Q&A: Best Practices for Working with Unstructured Data
What is unstructured data and how should IT search on and store it?
What is unstructured data and how should IT search on it and store it? For perspective on this increasingly important type of data, we turned to Bill Roth who is responsible for LogLogic’s worldwide marketing operation. Bill has over 20 years experience as a software operations executive. LogLogic specializes in IT data management.
Enterprise Systems: What is unstructured IT data?
Bill Roth: Unstructured data is everywhere. It is any data that does not fit into some kind of database. It comes in many forms. It can show itself in traditional forms, as in log files from sources such as Web-server logs and Unix/Linux system logs, but it can also come from network devices such as switches, routers, and firewalls, or mainframe data such as the RACF subsystem on IBM mainframes. Several surveys by industry groups have confirmed that about 30 percent of an enterprise’s storage is occupied by this kind of data.
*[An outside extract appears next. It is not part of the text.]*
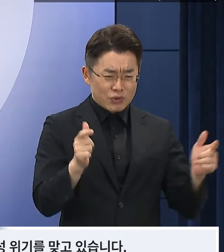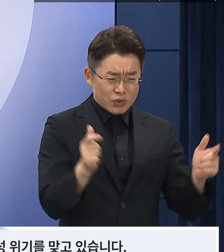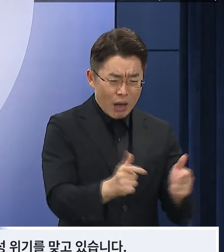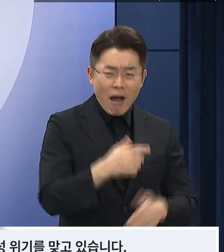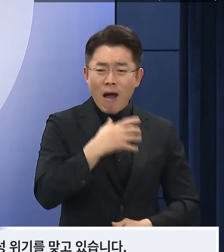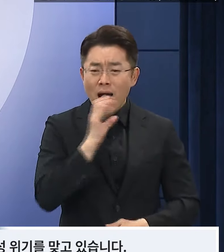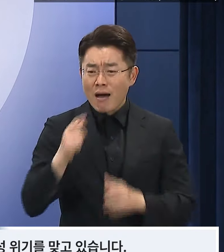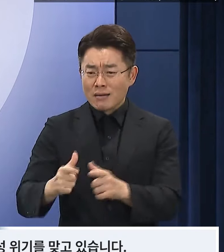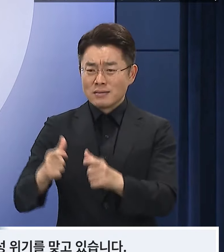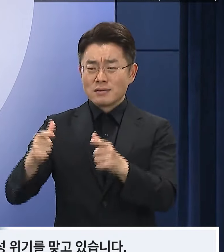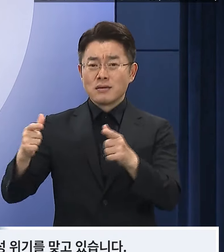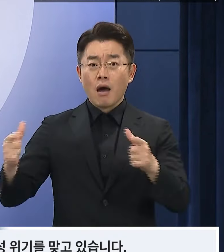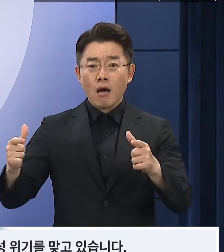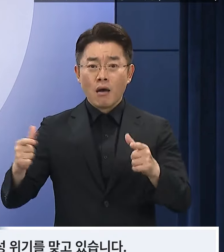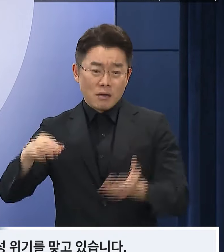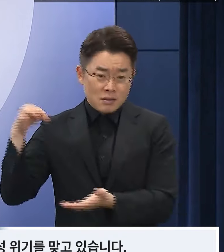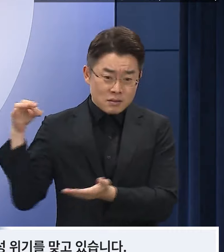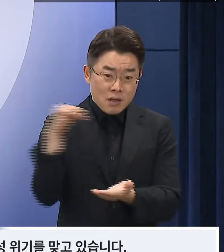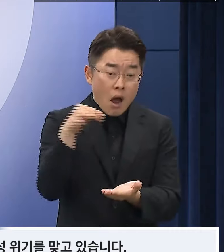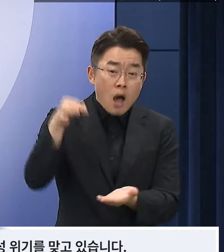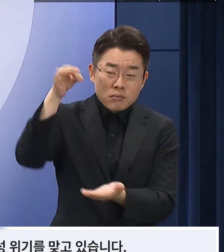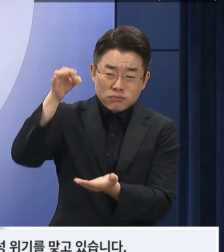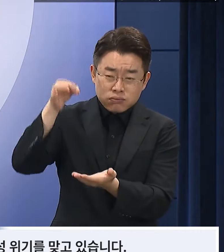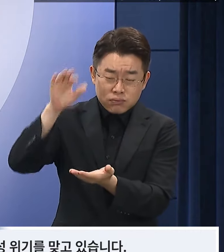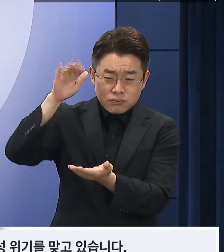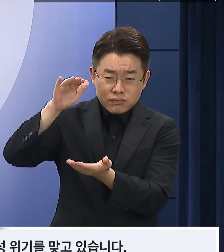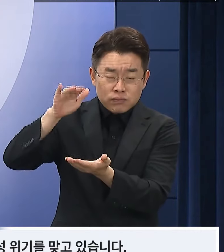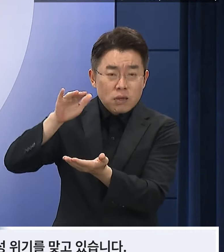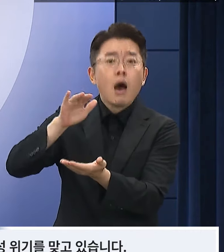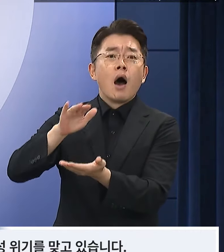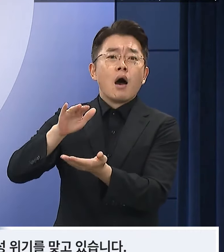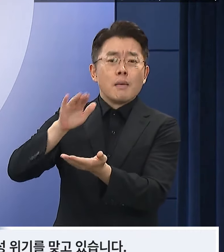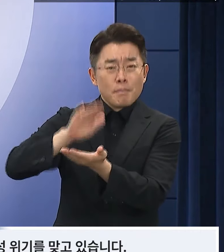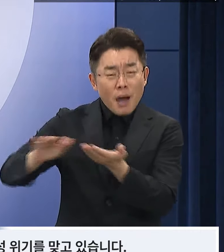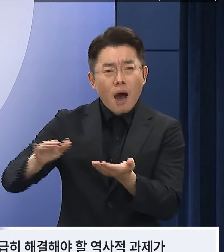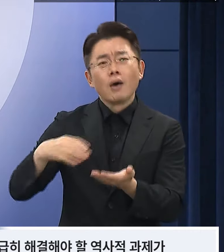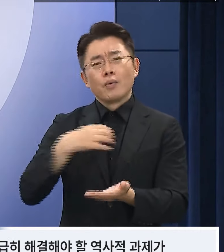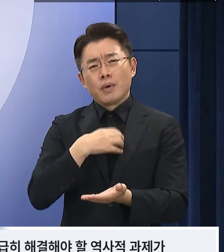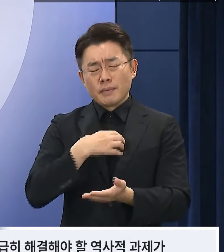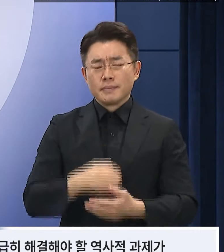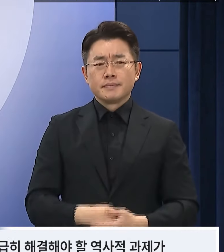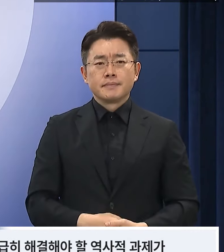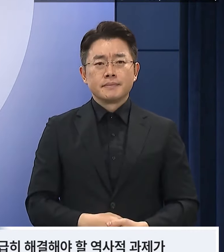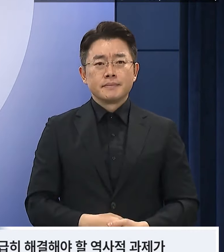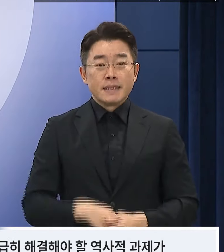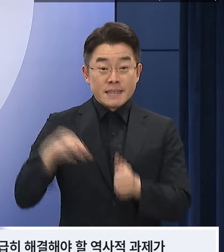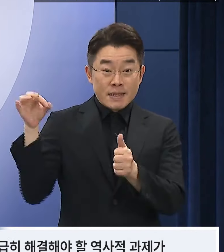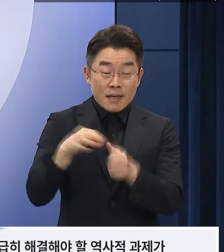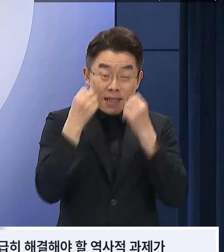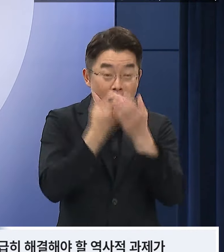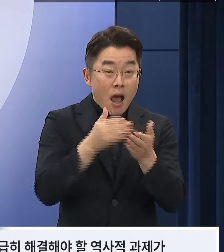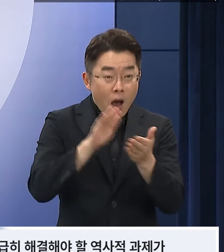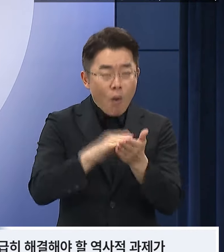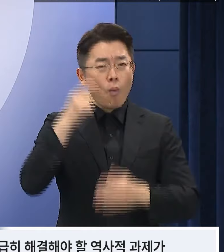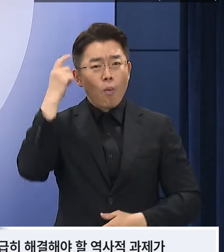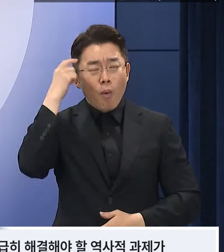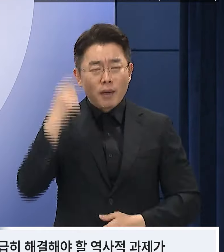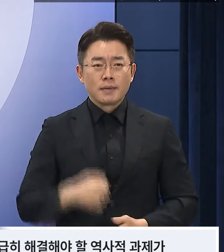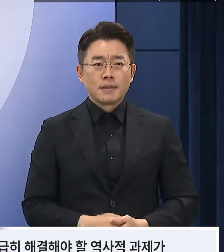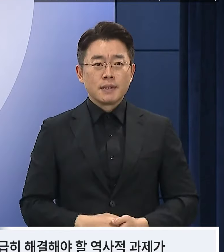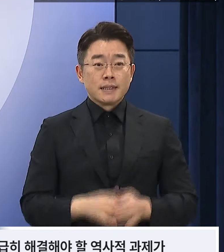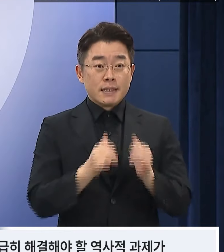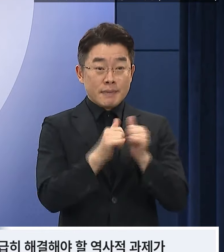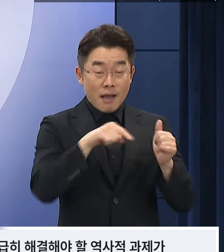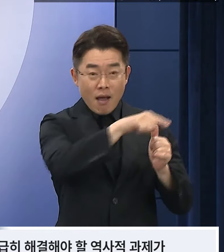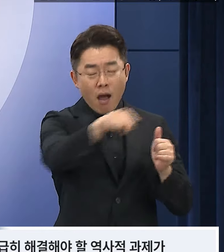고령화로 인해 심각한 지속가능성 위기를 맞고 있습니다. 연금개혁은 국가와 우리 아이들이

How is it possible to classify unstructured IT data? What are some of the classifications that enterprises typically apply to unstructured data?
Not only is it possible to classify unstructured IT data, but it is not as difficult as you might think. Much of the unstructured data is clear text, and it can be read, indexed, compressed, and stored very easily. Most organizations classify their data by its origin. System log files can be kept together, as well SCADA data, device telemetry, and other forms of streaming data.
How do you search for unstructured IT data efficiently?
Three levels of searching are possible. All three of these methods are usable in modern-day IT data management systems.
The first level of search is “simple string” search. This is akin to a Google-like search, where users type in a string of keywords and the collected data is searched.
The second level of search is known as “regular-expression” search, where users enter a general pattern (via a pattern language) of what they are looking for, and the system searches based on this query.
The third level of searching is via a complex query language such as SQL. This requires that the unstructured data be “structured” somewhat, and that the end-user knows some of the structure and context of the data.
What are some of the issues around storage of unstructured IT data?
The key issues revolve around compression, retrieval, and immutability. Because the bulk of this kind of data is clear text, it can be easily compressed, and should be. With the advent of modern compression technology, the data may also be read in place, without the need to decompress and re-compress on every access. To do this efficiently, it is advisable to make sure the indices are also available to facilitate scanning the data.
This data can also be used in a legal or regulatory context, and as a result, needs to be stored in a way that proves it has not been tampered with. This is known as “immutability.” This is generally handled by storing a key that represents the exact format of the data when it was created. This key can then be stored in a secure location and compared to the unstructured data when needed.
What are some of the mistakes IT makes when storing unstructured data?
The biggest mistakes IT organizations make are not collecting enough data and not storing it long enough. More often than not, most unstructured data is ignored by IT organizations. Much of this data comes from log data that was included by the developer to provide an audit trail, which describes what the system, program, application, or daemon actually did. Much of this data is in non-standard places, but as modern-day systems develop, this data is starting to show up in more standard places.
The problem with IT data is that it is impossible to know when you need it. As a result, most IT organizations only retain data as long as they have to, but archiving or deleting the data makes it unusable for any future forensics investigation or search activity.
What best practices can you suggest to avoid these problems?
There are some key best practices that IT organizations should follow when making decisions about storing unstructured IT data. First, organizations should “over-provision.” We have seen that organizations routinely under-estimate the kinds of data they need to record. Second, organizations need to collect data for longer than the required period. This is because although collecting data for the period required by policy is useful, you can never know when the data may actually be needed.